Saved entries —
§ §

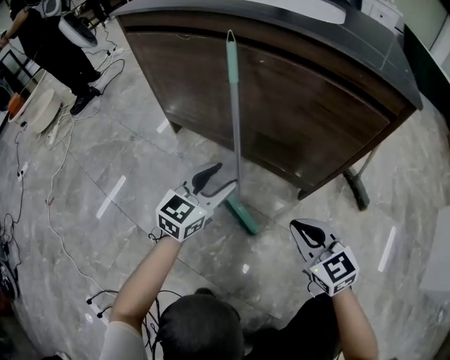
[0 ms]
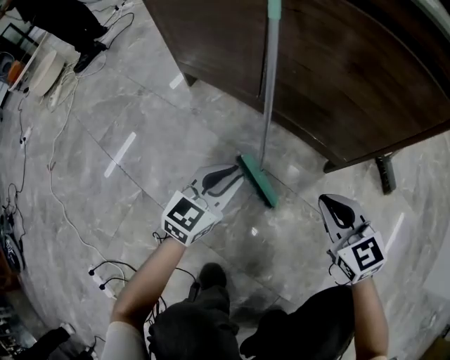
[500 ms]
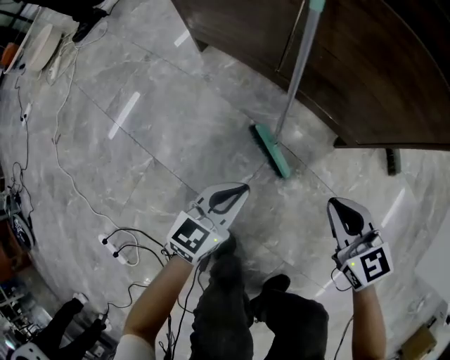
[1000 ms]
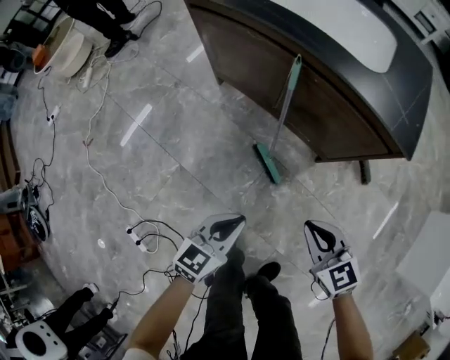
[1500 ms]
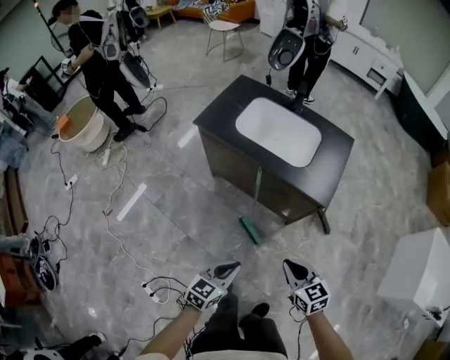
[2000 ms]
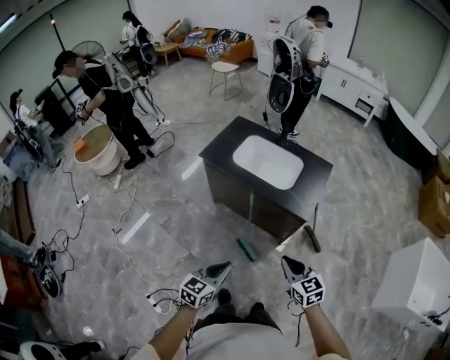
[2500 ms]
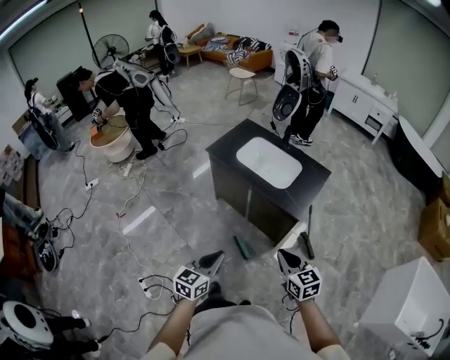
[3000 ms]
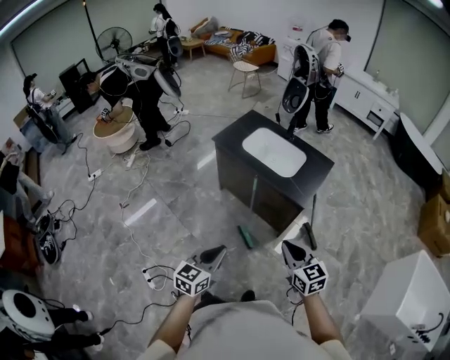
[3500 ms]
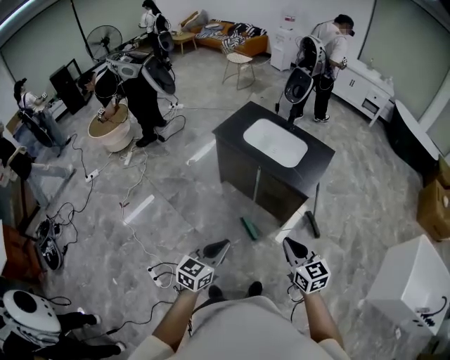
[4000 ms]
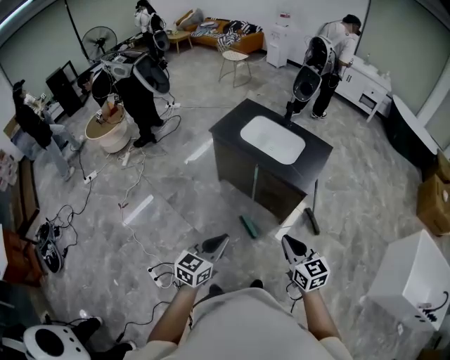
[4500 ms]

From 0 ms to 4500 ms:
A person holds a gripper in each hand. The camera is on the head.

§ §

Task details —
Since pictures are not part of the copy, set down only the remaining data exactly.

Exercise response —
[0 ms]
[500 ms]
[1000 ms]
[1500 ms]
[2000 ms]
[2500 ms]
[3000 ms]
[3500 ms]
[4000 ms]
[4500 ms]

From 0 ms to 4500 ms:
A person holds a gripper in each hand. The camera is on the head.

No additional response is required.